> [Aim of the exercise]
Write out each record exactly as it stands. No pictures belong in the copy.

> [Material for this task]
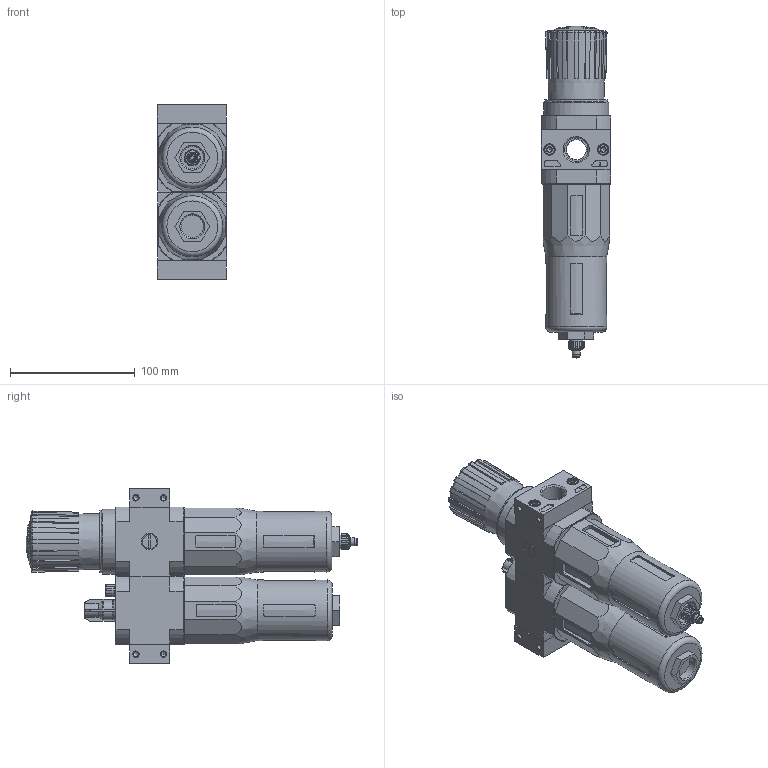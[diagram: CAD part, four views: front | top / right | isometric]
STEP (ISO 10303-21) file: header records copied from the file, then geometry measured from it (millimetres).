
FILE_DESCRIPTION(/* description */ ('STEP AP214'),/* implementation_level */ '2;1');
FILE_NAME(/* name */ '192635_FRC-1_2-D-7-O-MIDI',/* time_stamp */ '2024-08-28T15:26:34+02:00',/* author */ ('License CC BY-ND 4.0'),/* organization */ ('CADENAS'),/* preprocessor_version */ 'ST-DEVELOPER v19.3',/* originating_system */ 'PARTsolutions',/* authorisation */ ' ');
FILE_SCHEMA (('AUTOMOTIVE_DESIGN {1 0 10303 214 3 1 1}'));
Length unit declared in the file: millimetre
Products named in the file (9): 192635 FRC-1/2-D-7-O-MIDI; 380301 PBL-1/2-D-MIDI-L---(1) p1; DIN-912 - M5x18(F); 380303 PBL-1/2-D-MIDI-R---(0) p1; 127312 LFR-D-7-MIDI--(0); 373846 LR-MIDI; 648415 LF; 120536 LOE-D-MIDI; 351358 FRB-D-MIDI
Assembly tree (13 placements, depth 2):
  192635 FRC-1/2-D-7-O-MIDI
    380301 PBL-1/2-D-MIDI-L---(1) p1
    DIN-912 - M5x18(F)  x4
    380303 PBL-1/2-D-MIDI-R---(0) p1
    127312 LFR-D-7-MIDI--(0)
    373846 LR-MIDI  x2
    648415 LF
    120536 LOE-D-MIDI
    351358 FRB-D-MIDI  x2
Bounding box: 55.5 x 265.7 x 140 mm (x, y, z)
Volume: 918961.5 mm3; surface area: 153281.8 mm2
Topology: 13 solids, 14 shells, 984 faces, 2506 edges, 1612 vertices
Faces by surface type: plane 534, cylinder 214, cone 161, torus 70, sphere 5
Full cylindrical faces by diameter (mm): 3 x1, 3.2 x1, 3.6 x1, 3.7 x2, 3.8 x1, 4.134 x10, 5 x6, 5.6 x1, 6.3 x2, 6.4 x1, 6.8 x1, 7 x2, 7.1 x1, 8.5 x4, 9 x1, 9.6 x2, 10 x1, 11.2 x3, 11.445 x2, 12.6 x1, 13.157 x2, 16 x1, 16.4 x1, 18 x2, 18.631 x2, 24.9 x1, 26.4 x2, 29.7 x1, 30.8 x2, 39 x1
Entity records: 31802 total; most frequent: CARTESIAN_POINT 6320, ORIENTED_EDGE 4280, DIRECTION 4162, EDGE_CURVE 2140, AXIS2_PLACEMENT_3D 1625, VERTEX_POINT 1471, FACE_BOUND 1125, EDGE_LOOP 1119

> [Response to the exercise]
[diagram: CAD part, four views: front | top / right | isometric]
STEP (ISO 10303-21) file: header records copied from the file, then geometry measured from it (millimetres).
FILE_DESCRIPTION(/* description */ ('STEP AP214'),/* implementation_level */ '2;1');
FILE_NAME(/* name */ '192635_FRC-1_2-D-7-O-MIDI',/* time_stamp */ '2024-08-28T15:26:34+02:00',/* author */ ('License CC BY-ND 4.0'),/* organization */ ('CADENAS'),/* preprocessor_version */ 'ST-DEVELOPER v19.3',/* originating_system */ 'PARTsolutions',/* authorisation */ ' ');
FILE_SCHEMA (('AUTOMOTIVE_DESIGN {1 0 10303 214 3 1 1}'));
Length unit declared in the file: millimetre
Products named in the file (9): 192635 FRC-1/2-D-7-O-MIDI; 380301 PBL-1/2-D-MIDI-L---(1) p1; DIN-912 - M5x18(F); 380303 PBL-1/2-D-MIDI-R---(0) p1; 127312 LFR-D-7-MIDI--(0); 373846 LR-MIDI; 648415 LF; 120536 LOE-D-MIDI; 351358 FRB-D-MIDI
Assembly tree (13 placements, depth 2):
  192635 FRC-1/2-D-7-O-MIDI
    380301 PBL-1/2-D-MIDI-L---(1) p1
    DIN-912 - M5x18(F)  x4
    380303 PBL-1/2-D-MIDI-R---(0) p1
    127312 LFR-D-7-MIDI--(0)
    373846 LR-MIDI  x2
    648415 LF
    120536 LOE-D-MIDI
    351358 FRB-D-MIDI  x2
Bounding box: 55.5 x 265.7 x 140 mm (x, y, z)
Volume: 918961.5 mm3; surface area: 153281.8 mm2
Topology: 13 solids, 14 shells, 984 faces, 2506 edges, 1612 vertices
Faces by surface type: plane 534, cylinder 214, cone 161, torus 70, sphere 5
Full cylindrical faces by diameter (mm): 3 x1, 3.2 x1, 3.6 x1, 3.7 x2, 3.8 x1, 4.134 x10, 5 x6, 5.6 x1, 6.3 x2, 6.4 x1, 6.8 x1, 7 x2, 7.1 x1, 8.5 x4, 9 x1, 9.6 x2, 10 x1, 11.2 x3, 11.445 x2, 12.6 x1, 13.157 x2, 16 x1, 16.4 x1, 18 x2, 18.631 x2, 24.9 x1, 26.4 x2, 29.7 x1, 30.8 x2, 39 x1
Entity records: 31802 total; most frequent: CARTESIAN_POINT 6320, ORIENTED_EDGE 4280, DIRECTION 4162, EDGE_CURVE 2140, AXIS2_PLACEMENT_3D 1625, VERTEX_POINT 1471, FACE_BOUND 1125, EDGE_LOOP 1119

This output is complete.